きっと先輩風を吹かしているんだろうけど、何にしろ庇ってもらえるのはありがたい。最近はいつの間にか衣織さん呼びから衣織ちゃん呼びになってるし、なんかコイツ馴れ馴れしくね?え、ひょっとして私ナメられてね?とか疑ったりしちゃってゴメンね小松田くん。これからもよろしくね小松田くん。

一方、吉野先生といえば私と小松田くんの友情に感動もせず、ただ呆れたように深い溜息を吐いただけだった。

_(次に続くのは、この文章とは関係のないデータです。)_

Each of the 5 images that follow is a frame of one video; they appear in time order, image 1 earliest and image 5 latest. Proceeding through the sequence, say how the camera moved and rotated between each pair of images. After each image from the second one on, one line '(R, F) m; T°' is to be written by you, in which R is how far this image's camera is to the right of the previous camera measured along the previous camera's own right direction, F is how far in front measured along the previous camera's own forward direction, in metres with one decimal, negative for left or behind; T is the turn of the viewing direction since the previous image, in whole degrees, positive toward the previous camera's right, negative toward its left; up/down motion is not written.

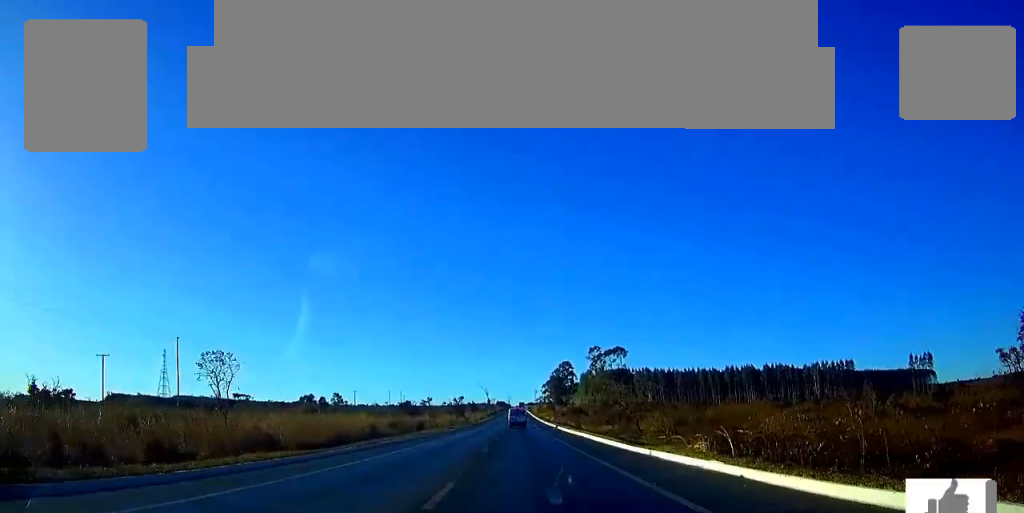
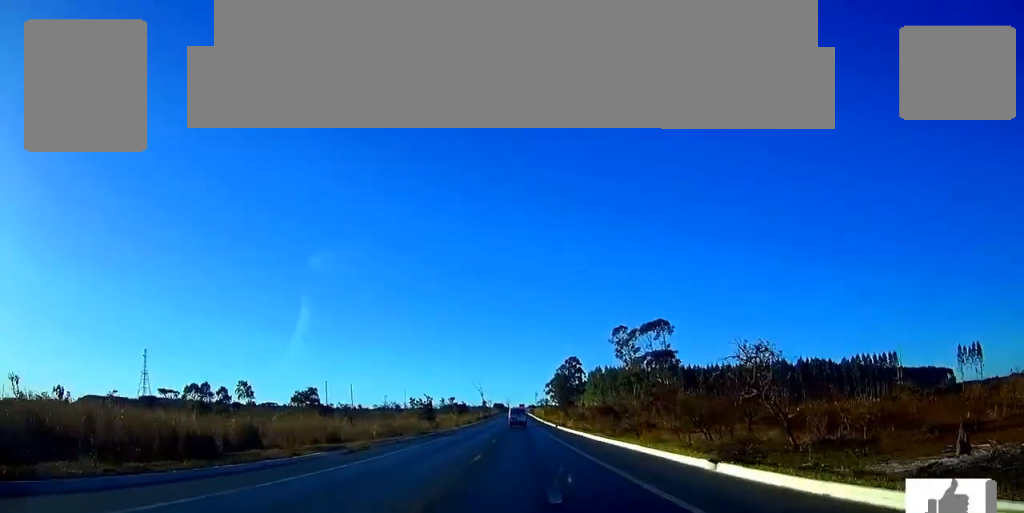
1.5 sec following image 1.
(+0.1, +51.0) m; 0°
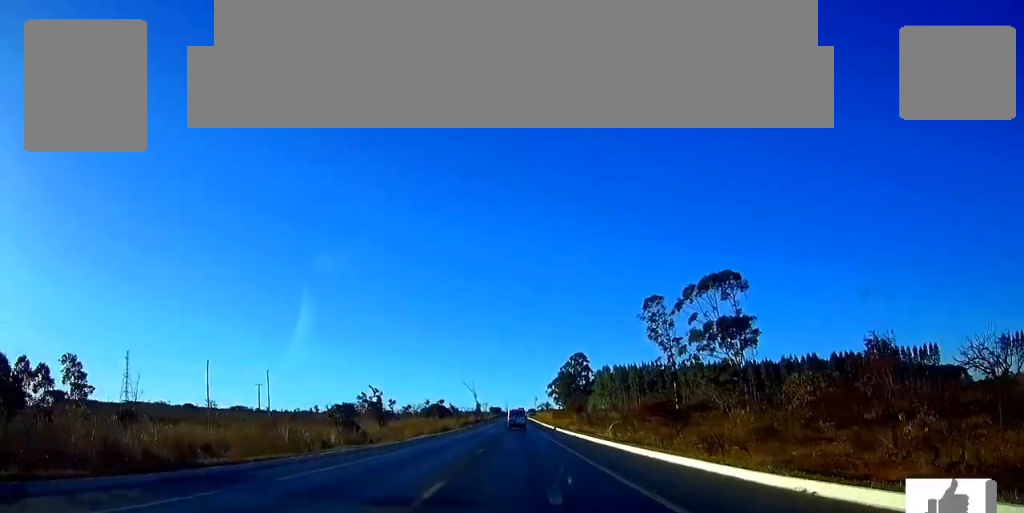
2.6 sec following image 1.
(+0.1, +40.7) m; 0°
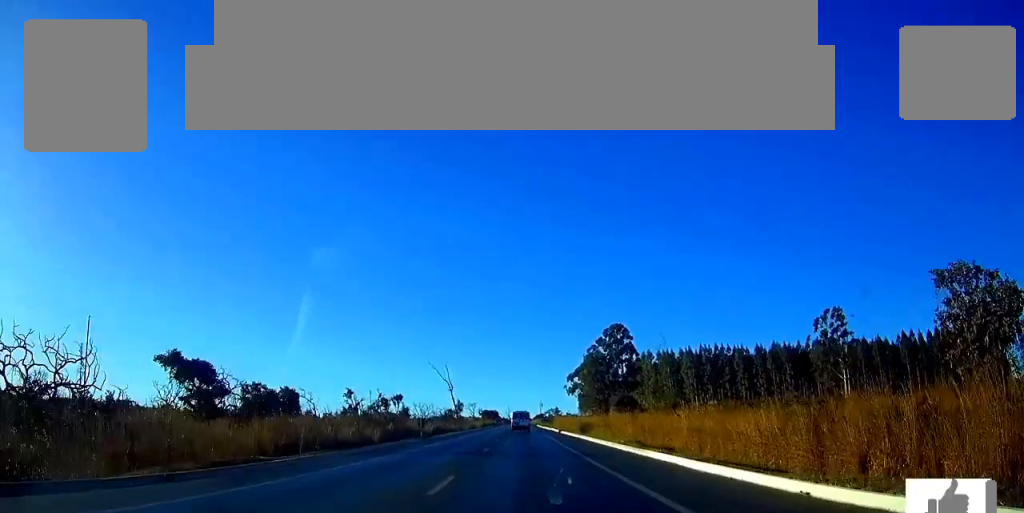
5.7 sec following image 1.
(-0.4, +105.8) m; 0°
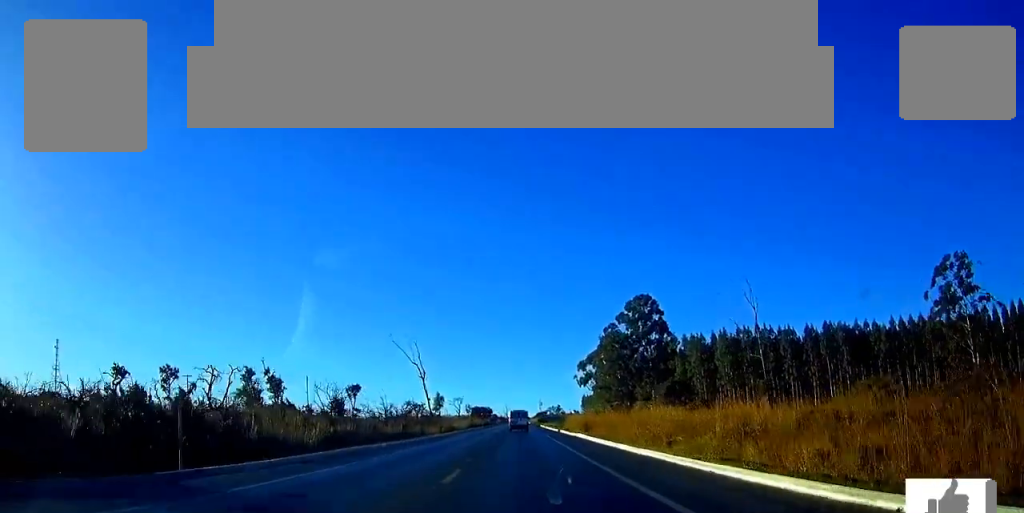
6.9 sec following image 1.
(+0.1, +43.5) m; 0°

「あのねぇ……そもそも小松田くんが烏丸さんに色々な知識を教えるのも原因の一つなんですよ?悪い意味で有言実行なんですから烏丸さんは。忍術を教えるのも止めなさいと、私は以前から君に言ってるでしょうに」

「待ってください吉野先生!小松田くんは今回の件に関しては何も悪くないはずです!全ては、全ては私一人の責任なんです……!」

「衣織ちゃん……ッ!!」

先ほど小松田くんがそうしたように、吉野先生の前に両腕を広げてバッ!と壁を作る私。ちなみに私の後ろでは小松田くんがやはり先ほどの私と同じように感動したような表情を浮かべている。

「衣織ちゃん、後輩の君が僕を庇ってくれるなんて」

「なに言ってるのさ小松田くん。先輩の君にはいつも世話になってるんだから、これぐらいなんてことないよ」

肩越しに振り返りながらフッとほほ笑んだ私に、小松田くんはうるりと目を潤ませていた。やっべー、今の私超カッケー。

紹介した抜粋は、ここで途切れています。